UPDATED: Genentech whistleblower suit claims execs dangerously rushed Pi3K study

A former clinical researcher at Genentech has filed a whistleblower suit against the big Roche ($RHHBY) subsidiary, claiming that the company put trial subjects at risk as they forced a rapid march through the clinic on a high profile Pi3 Kinase study, disregarding established clinical practices in fear that Roche would snatch the drug away.

The suit alleges that the Pi3 Kinase team was guilty of "illegal and unethical conduct" by skirting established scientific and ethical standards required of drug researchers. Juliet Kniley claims she complained in 2008 and then was sidelined in 2009 with a demotion after being instructed to push ahead on the study. And she says she was told twice that Roche would "take this molecule away from us" if they saw her proposed timelines.

Kniley says her troubles started two years after she was hired by the company in 2005. That's when she was named the "operational leader" of the Pi3 Kinase study, which Genentech executives identified as "the most important program at the company." 

Later, though, Genentech failed to file a protocol amendment for Phase I, as required by federal rules as the company pursued "premature and inappropriate safety testing in humans..." And she later refused to submit "unrealistic clinical timelines" to senior management.

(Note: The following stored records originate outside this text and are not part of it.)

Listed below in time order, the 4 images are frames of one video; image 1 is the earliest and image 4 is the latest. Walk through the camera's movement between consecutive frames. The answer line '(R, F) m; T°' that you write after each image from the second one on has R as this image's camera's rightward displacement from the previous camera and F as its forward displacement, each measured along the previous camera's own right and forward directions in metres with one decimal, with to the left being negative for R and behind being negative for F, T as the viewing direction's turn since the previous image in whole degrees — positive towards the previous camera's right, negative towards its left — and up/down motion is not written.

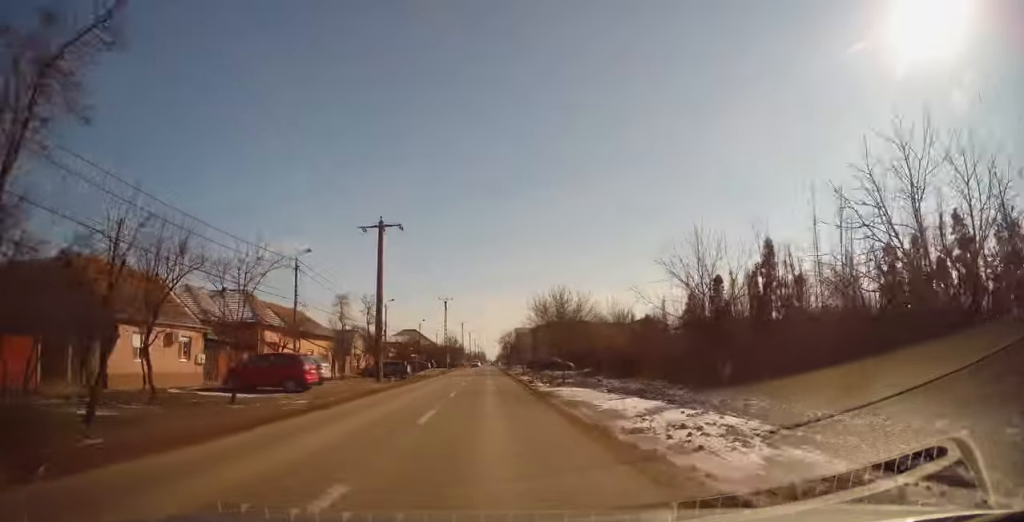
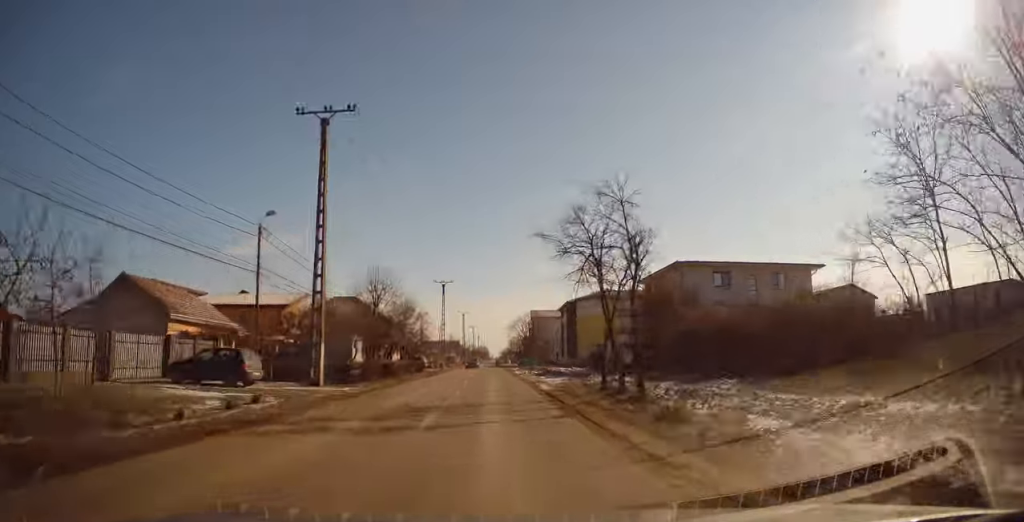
(+0.3, +71.7) m; +1°
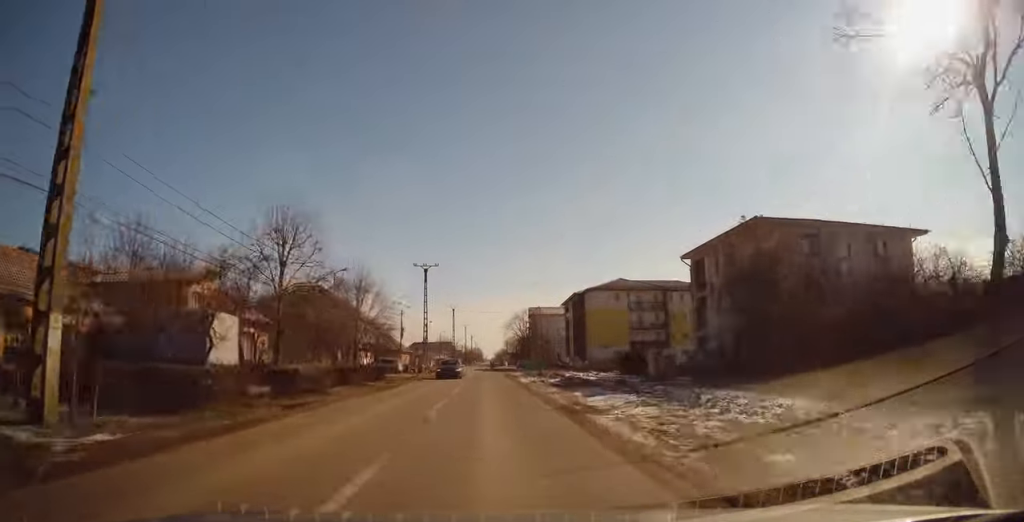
(0.0, +15.0) m; 0°
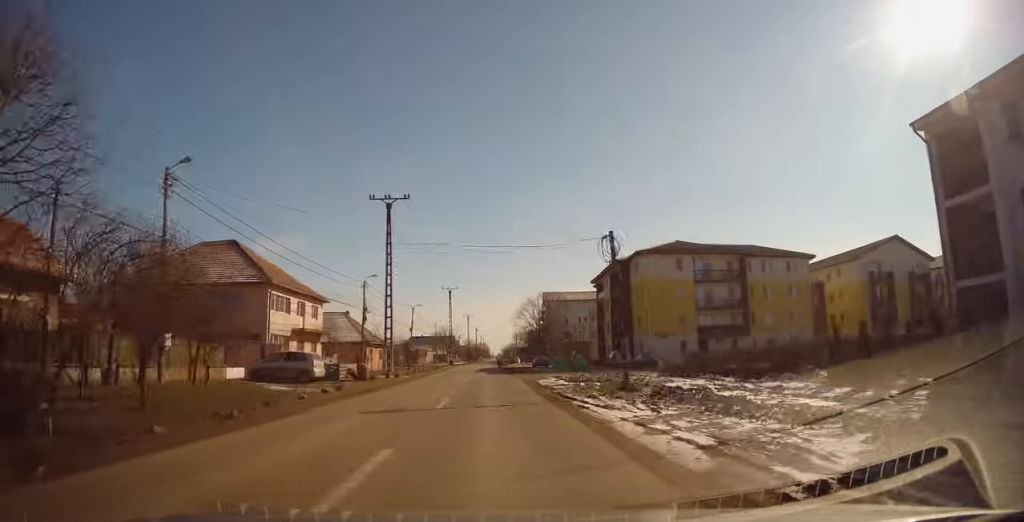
(-0.1, +25.3) m; -1°

"This was the first time this drug was being tested in humans so they didn't know what to expect. What was happening is management was speeding ahead without first waiting for the results of the earlier studies," lawyer Emily St. John Cohen, who represents Kniley, told the Daily Journal. 

Late on Tuesday evening, Genentech fired back.

"Genentech vigorously denies the allegations made by Juliet Kniley," noted the company in an e-mail to FierceBiotech. "Genentech's clinical trials are crucial to the exploration of new medicines that may treat people with serious or life-threatening medical conditions. All of our clinical studies are conducted in compliance with international guidelines according to Good Clinical Practice and must be approved by regulatory authorities and Ethics Committees or local Institutional Review Boards. Studies conducted in the United States or under a U.S. IND comply with U.S. FDA regulations and applicable local, state, and federal laws. Genentech is committed to ethical and legal business practices and are confident in and proud of our strict standards in this regard." 

Kniley's LinkedIn profile includes a long roster of studies she worked on over the years. Kniley notes that she "[b]rought 10 global Ph III pivotal trials to top-line data, delivered primary efficacy data for 15 global Phase II trials, and headed teams that conducted 76 Phase Ia, Ib,and Phase IIa safety and proof-of-concept trials, which were imperative to moving first-in-class products quickly through development."

But after the Pi3 Kinase run-in, she claims, her positive reviews turned sour and she was terminated last summer.